— WHAT YOU SHOULD DO —
The word "clipPath" appears in some lines of the entries. Say how many, and give nothing but the number.

Dataset items:
★ ★ ★ ★ ★

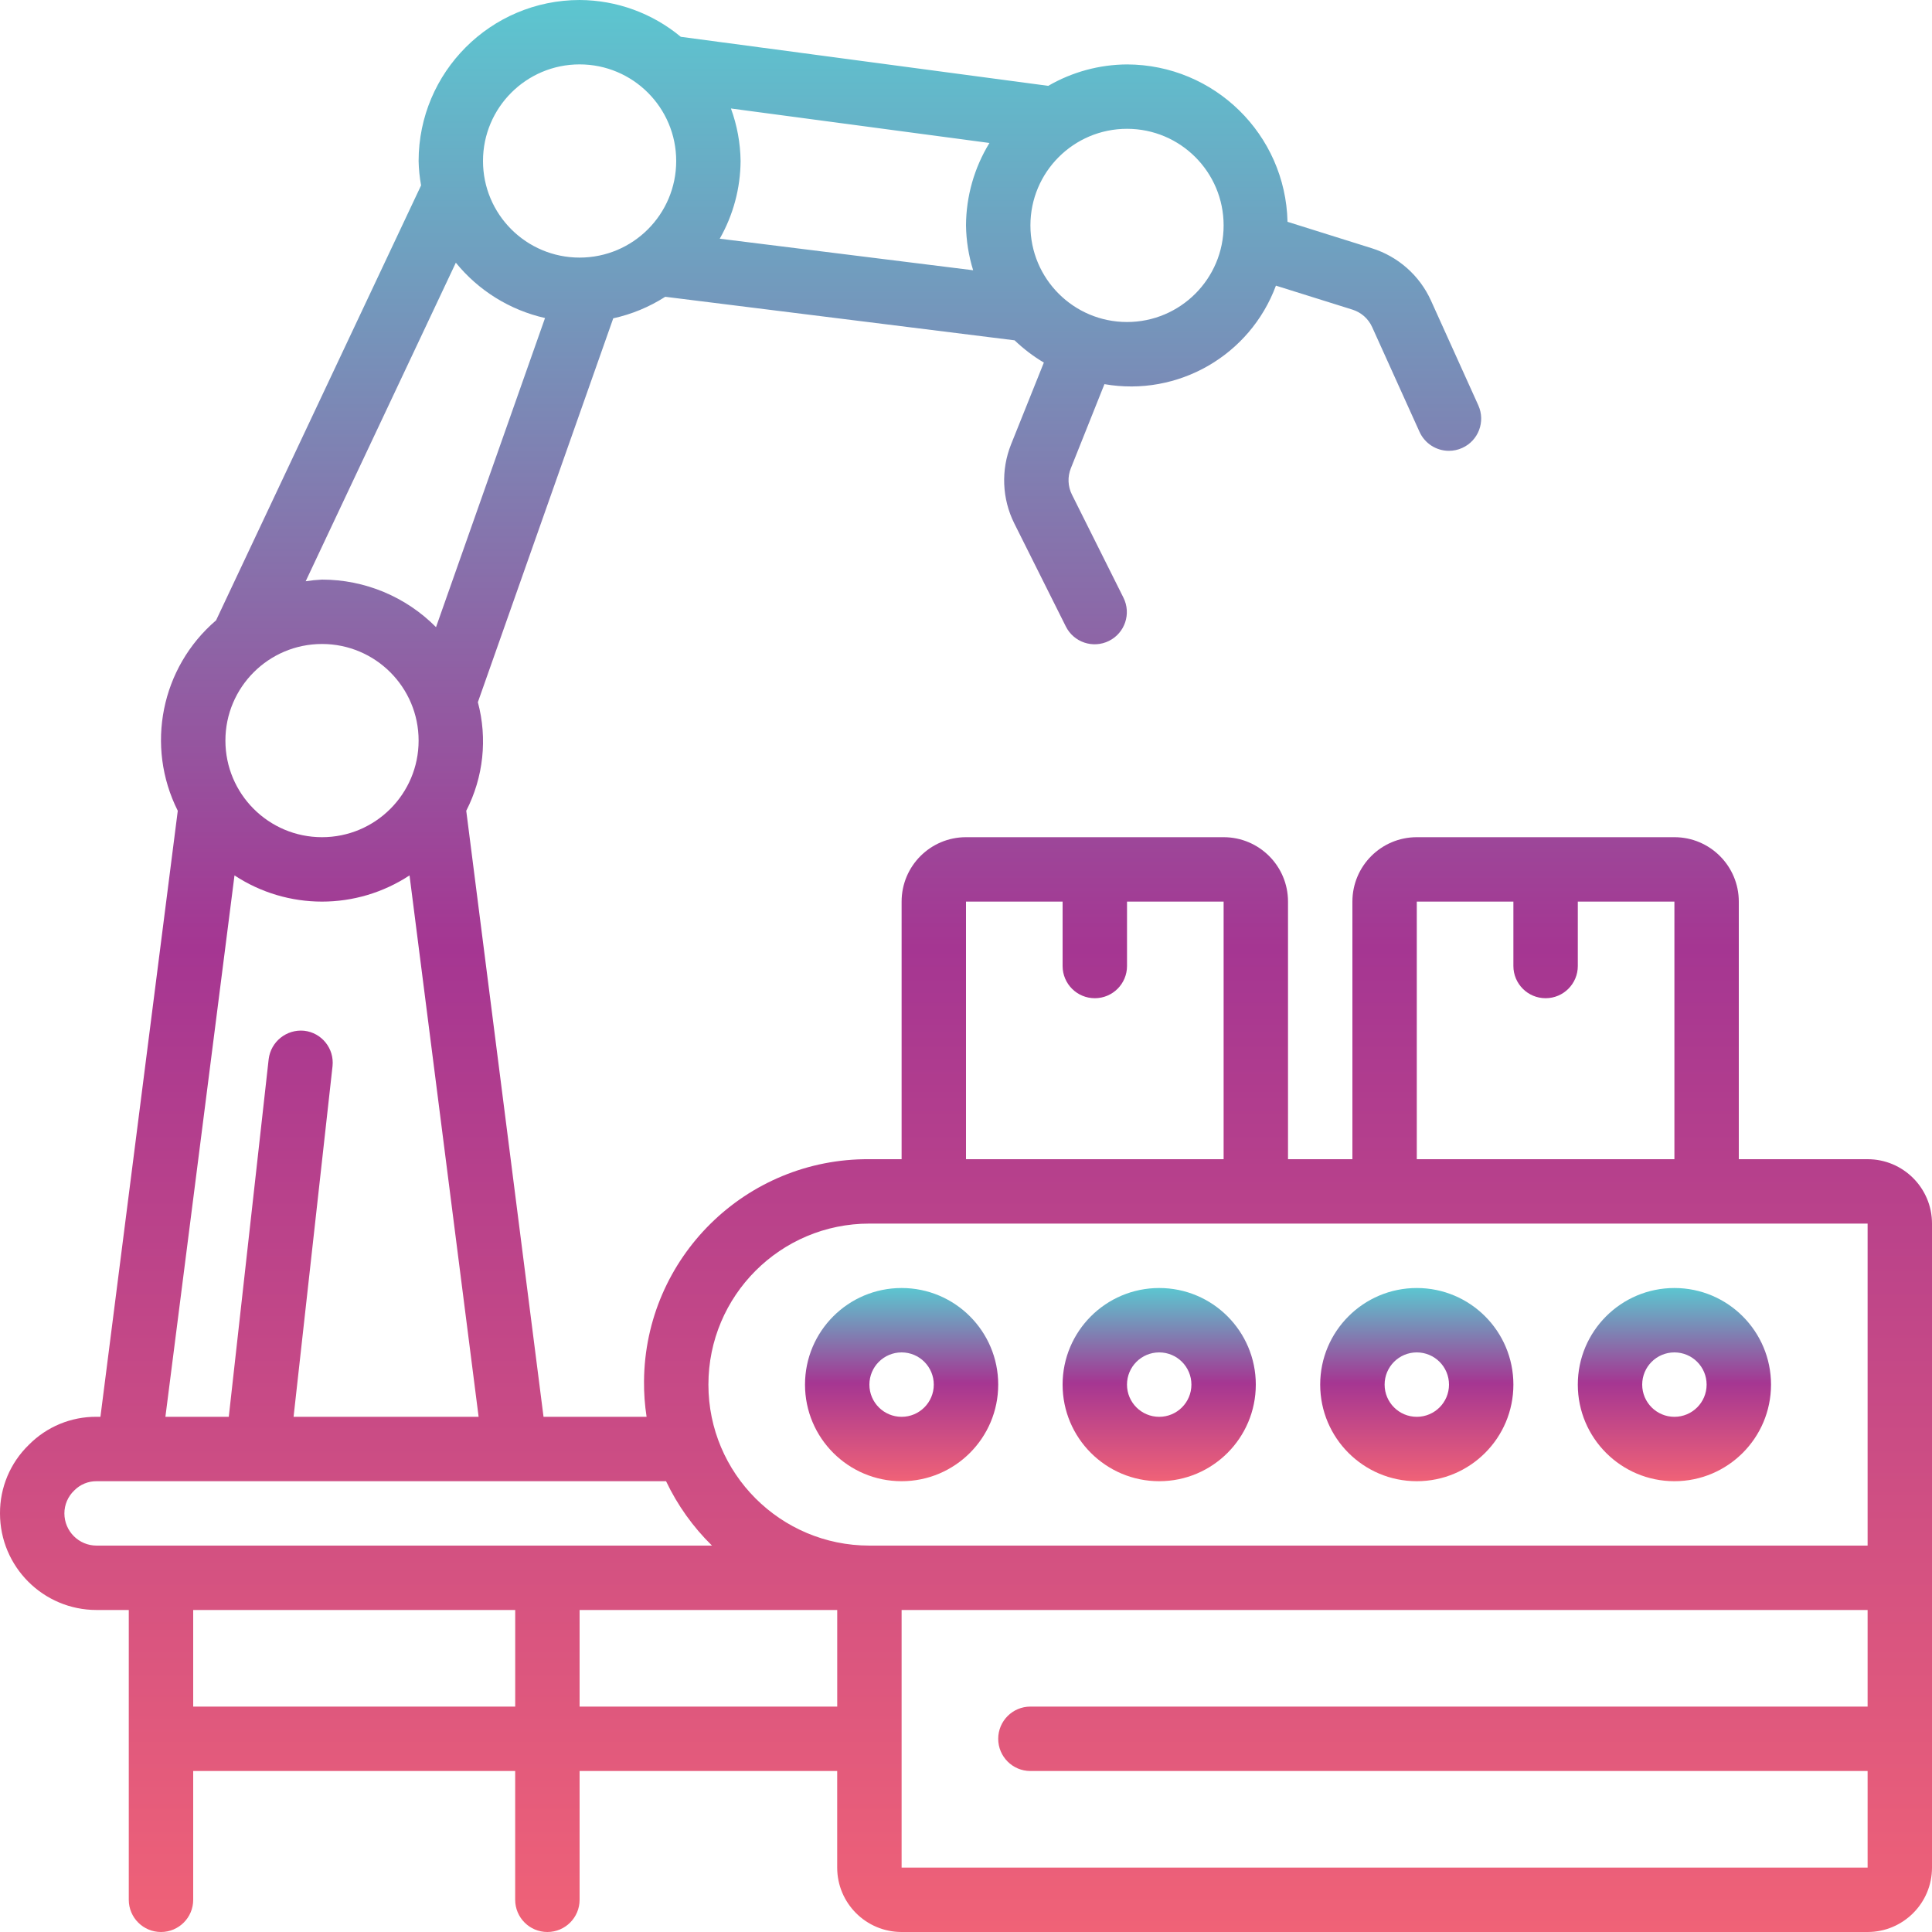 <svg width="67" height="67" viewBox="0 0 67 67" fill="none" xmlns="http://www.w3.org/2000/svg">
<g clip-path="url(#clip0_4336_3977)">
<path d="M64.767 40.2H60.3V31.267C60.3 30.033 59.3 29.033 58.067 29.033H49.134C47.9 29.033 46.9 30.033 46.9 31.267V40.2H44.667V31.267C44.667 30.033 43.667 29.033 42.434 29.033H33.5C32.267 29.033 31.267 30.033 31.267 31.267V40.2H30.15C25.865 40.168 22.366 43.615 22.334 47.9C22.33 48.313 22.36 48.725 22.423 49.133H18.849L16.169 28.117C16.766 26.955 16.91 25.613 16.572 24.351L21.267 11.039C21.907 10.899 22.518 10.646 23.07 10.292L35.185 11.802C35.493 12.097 35.833 12.356 36.2 12.574L35.063 15.41C34.708 16.298 34.748 17.296 35.175 18.152L36.962 21.725C37.237 22.277 37.908 22.501 38.46 22.225C39.012 21.95 39.236 21.279 38.96 20.727L37.174 17.153C37.031 16.868 37.017 16.535 37.136 16.239L38.301 13.322C40.848 13.766 43.349 12.33 44.248 9.906L46.903 10.738C47.206 10.834 47.455 11.054 47.585 11.343L49.228 14.977C49.41 15.378 49.809 15.635 50.25 15.634C50.408 15.634 50.565 15.6 50.709 15.534C51.271 15.281 51.521 14.619 51.267 14.057L49.624 10.422C49.23 9.552 48.482 8.892 47.57 8.608L44.65 7.692C44.582 4.664 42.112 2.242 39.083 2.234C38.123 2.24 37.182 2.496 36.352 2.977L23.61 1.277C22.623 0.457 21.383 0.006 20.1 0C17.018 0.004 14.52 2.501 14.517 5.583C14.523 5.867 14.552 6.15 14.603 6.429L7.493 21.513C5.585 23.147 5.037 25.872 6.165 28.117L3.483 49.133H3.35C2.466 49.126 1.617 49.478 0.997 50.108C0.355 50.731 -0.005 51.589 -0 52.483C-0 54.334 1.5 55.833 3.35 55.833H4.466V65.883C4.466 66.5 4.966 67 5.583 67C6.2 67 6.7 66.5 6.7 65.883V61.417H17.866V65.883C17.866 66.5 18.366 67 18.983 67C19.6 67 20.1 66.5 20.1 65.883V61.417H29.033V64.767C29.033 66 30.033 67 31.267 67H64.766C66 67 67 66 67 64.767V42.433C67 41.2 66 40.2 64.767 40.2ZM49.133 31.267H52.483V33.5C52.483 34.117 52.983 34.617 53.6 34.617C54.217 34.617 54.717 34.117 54.717 33.5V31.267H58.067V40.2H49.133V31.267ZM33.5 31.267H36.85V33.5C36.85 34.117 37.35 34.617 37.967 34.617C38.584 34.617 39.084 34.117 39.084 33.5V31.267H42.434V40.2H33.5V31.267ZM30.15 42.433H64.767V53.6H30.15C27.067 53.6 24.567 51.1 24.567 48.017C24.567 44.933 27.067 42.433 30.15 42.433ZM7.817 25.683C7.817 23.833 9.317 22.333 11.167 22.333C13.017 22.333 14.517 23.833 14.517 25.683C14.517 27.533 13.017 29.033 11.167 29.033C9.317 29.033 7.817 27.533 7.817 25.683ZM24.96 8.278C25.428 7.456 25.677 6.529 25.683 5.583C25.675 4.962 25.562 4.346 25.348 3.762L34.313 4.958C33.786 5.819 33.505 6.807 33.5 7.816C33.508 8.344 33.591 8.868 33.748 9.372L24.96 8.278ZM42.434 7.817C42.434 9.667 40.934 11.167 39.084 11.167C37.233 11.167 35.734 9.667 35.734 7.817C35.734 5.966 37.233 4.467 39.084 4.467C40.934 4.467 42.434 5.966 42.434 7.817ZM20.1 2.233C21.95 2.233 23.45 3.733 23.45 5.583C23.45 7.434 21.95 8.933 20.1 8.933C18.25 8.933 16.75 7.434 16.75 5.583C16.75 3.733 18.25 2.233 20.1 2.233ZM15.808 9.11C16.594 10.078 17.684 10.754 18.901 11.029L15.121 21.749C14.076 20.694 12.652 20.1 11.167 20.1C10.977 20.109 10.788 20.128 10.601 20.157L15.808 9.11ZM8.132 30.358C9.973 31.57 12.36 31.57 14.202 30.358L16.598 49.133H10.181L11.532 36.973C11.597 36.361 11.156 35.812 10.545 35.745C9.936 35.687 9.391 36.124 9.317 36.732L7.934 49.133H5.736L8.132 30.358ZM2.233 52.483C2.233 52.182 2.357 51.894 2.576 51.687C2.78 51.48 3.059 51.364 3.35 51.367H23.098C23.494 52.199 24.033 52.955 24.691 53.6H3.35C2.733 53.6 2.233 53.1 2.233 52.483ZM6.7 59.183V55.833H17.867V59.183H6.7ZM20.1 59.183V55.833H29.034V59.183H20.1ZM31.267 64.767V55.833H64.767V59.183H35.733C35.117 59.183 34.617 59.683 34.617 60.3C34.617 60.917 35.117 61.417 35.733 61.417H64.767V64.767H31.267Z" fill="url(#paint0_linear_4336_3977)"/>
<path d="M31.267 51.367C33.117 51.367 34.617 49.867 34.617 48.017C34.617 46.167 33.117 44.667 31.267 44.667C29.416 44.667 27.917 46.167 27.917 48.017C27.917 49.867 29.416 51.367 31.267 51.367ZM31.267 46.9C31.883 46.9 32.383 47.4 32.383 48.017C32.383 48.634 31.883 49.134 31.267 49.134C30.65 49.134 30.15 48.634 30.15 48.017C30.15 47.4 30.65 46.9 31.267 46.9Z" fill="url(#paint1_linear_4336_3977)"/>
<path d="M40.2 51.367C42.05 51.367 43.55 49.867 43.55 48.017C43.55 46.167 42.05 44.667 40.2 44.667C38.35 44.667 36.85 46.167 36.85 48.017C36.85 49.867 38.35 51.367 40.2 51.367ZM40.2 46.9C40.817 46.9 41.317 47.4 41.317 48.017C41.317 48.634 40.817 49.134 40.2 49.134C39.583 49.134 39.083 48.634 39.083 48.017C39.083 47.4 39.583 46.9 40.2 46.9Z" fill="url(#paint2_linear_4336_3977)"/>
<path d="M49.133 51.367C50.984 51.367 52.483 49.867 52.483 48.017C52.483 46.167 50.984 44.667 49.133 44.667C47.283 44.667 45.783 46.167 45.783 48.017C45.783 49.867 47.283 51.367 49.133 51.367ZM49.133 46.9C49.75 46.9 50.25 47.4 50.25 48.017C50.25 48.634 49.75 49.134 49.133 49.134C48.517 49.134 48.017 48.634 48.017 48.017C48.017 47.4 48.517 46.9 49.133 46.9Z" fill="url(#paint3_linear_4336_3977)"/>
<path d="M58.067 51.367C59.917 51.367 61.417 49.867 61.417 48.017C61.417 46.167 59.917 44.667 58.067 44.667C56.217 44.667 54.717 46.167 54.717 48.017C54.717 49.867 56.217 51.367 58.067 51.367ZM58.067 46.9C58.684 46.9 59.184 47.4 59.184 48.017C59.184 48.634 58.684 49.134 58.067 49.134C57.45 49.134 56.95 48.634 56.95 48.017C56.95 47.4 57.45 46.9 58.067 46.9Z" fill="url(#paint4_linear_4336_3977)"/>
</g>
<defs>
<linearGradient id="paint0_linear_4336_3977" x1="33.499" y1="0" x2="33.499" y2="67" gradientUnits="userSpaceOnUse">
<stop stop-color="#5CC6D0"/>
<stop offset="0.49" stop-color="#A53692"/>
<stop offset="1" stop-color="#F06277"/>
</linearGradient>
<linearGradient id="paint1_linear_4336_3977" x1="31.267" y1="44.667" x2="31.267" y2="51.367" gradientUnits="userSpaceOnUse">
<stop stop-color="#5CC6D0"/>
<stop offset="0.49" stop-color="#A53692"/>
<stop offset="1" stop-color="#F06277"/>
</linearGradient>
<linearGradient id="paint2_linear_4336_3977" x1="40.2" y1="44.667" x2="40.2" y2="51.367" gradientUnits="userSpaceOnUse">
<stop stop-color="#5CC6D0"/>
<stop offset="0.49" stop-color="#A53692"/>
<stop offset="1" stop-color="#F06277"/>
</linearGradient>
<linearGradient id="paint3_linear_4336_3977" x1="49.133" y1="44.667" x2="49.133" y2="51.367" gradientUnits="userSpaceOnUse">
<stop stop-color="#5CC6D0"/>
<stop offset="0.49" stop-color="#A53692"/>
<stop offset="1" stop-color="#F06277"/>
</linearGradient>
<linearGradient id="paint4_linear_4336_3977" x1="58.067" y1="44.667" x2="58.067" y2="51.367" gradientUnits="userSpaceOnUse">
<stop stop-color="#5CC6D0"/>
<stop offset="0.49" stop-color="#A53692"/>
<stop offset="1" stop-color="#F06277"/>
</linearGradient>
<clipPath id="clip0_4336_3977">
<rect width="67" height="67" fill="white"/>
</clipPath>
</defs>
</svg>

★ ★ ★ ★ ★

— EXERCISE ANSWER —
2